トゥールーズで失敗しないための5点を整理します。①中心3エリアから探し、NGエリアとの距離を確認。②空港シャトルの運休を見込んで代替ルートを事前確認。③ホテルは ascenseur と climatisation の記載を確認。④駅・広場・市場ではスリに注意。⑤高級ホテルでも直近の低評価レビューをチェック。この5点さえ知っていれば、ピンクの街トゥールーズは、南フランスならではの美食と建築を心ゆくまで楽しめる、最高に魅力的な街になります。
思い出してください。カピトル広場が夕日を浴びて街ごとピンクに染まる、あの数分間。サン・セルナン聖堂の荘厳なたたずまい。ガロンヌ川のほとりで味わう、湯気の立つカスレと地元のワイン。ヴィクトル・ユーゴー市場の、朝の活気。これらはすべて、知識を持って来た人が、いちばん安心して味わえる景色です。

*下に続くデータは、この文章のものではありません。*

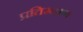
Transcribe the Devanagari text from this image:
प्रतिरूप्रण
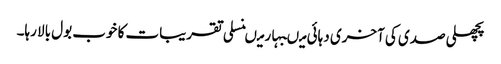
پچھلی صدی کی آخری دہائی میںبہار میںنسلی تقریبات کا خوب بول بالا رہا۔

トゥールーズは、決して怖い街ではありません。少しだけ準備がいる、そして準備した人を最高にもてなしてくれる、航空機産業と歴史建築が同居する南フランスの拠点都市です。膨大な数のホテルに泊まり、ハズレを引きまくってきた私でも、今はほとんど外しません。だから大丈夫。私の失敗を、どうぞ踏み台にしてください。あなたの南仏の旅が、最初の一泊から笑顔で始まりますように。
よくある質問(FAQ)
- カピトルとカルム、どちらに泊まるべき?
-
初めての訪問で観光を効率よく回りたいならカピトル、二回目以降やカップルで静かに滞在したいならカルムがおすすめです。どちらも旧市街の内側なので、治安面の安心はどちらも十分です。
- 空港から夜遅く着くけど大丈夫?
-
トラムT2が2026年末まで運休中でシャトルバス頼みになるため、深夜着は約35ユーロのタクシーで宿へ直行するのが確実です。シャトルの運休に備え、バス30番+トラムT1の代替ルートも事前に見ておきましょう。
- 夏でもエアコンなしのホテルがあるって本当?
-
本当です。三つ星・四つ星でも、特に歴史的建造物のホテルはエアコン非設置のことがあります。過去に42.4℃を記録した街なので、夏は予約ページで “climatisation” の記載を必ず確認してください。
- マタビオ駅前は治安が悪い?
-
昼間は問題ありませんが、夜は駅周辺で声かけ型のスリが確認されています。声をかけられても無視し、夜遅い到着はタクシーで宿へ直行してください。アクセスは便利なので、対策さえすれば十分使えるエリアです。
- 予算重視ならどのエリア?
-
ガロンヌ川対岸のサン・シプリアンが狙い目です。エコノミークラスで一泊七千円台から見つかり、橋を渡れば中心部も徒歩圏。ただし夜間は人通りが少なめなので、帰りは明るい通りを選んでください。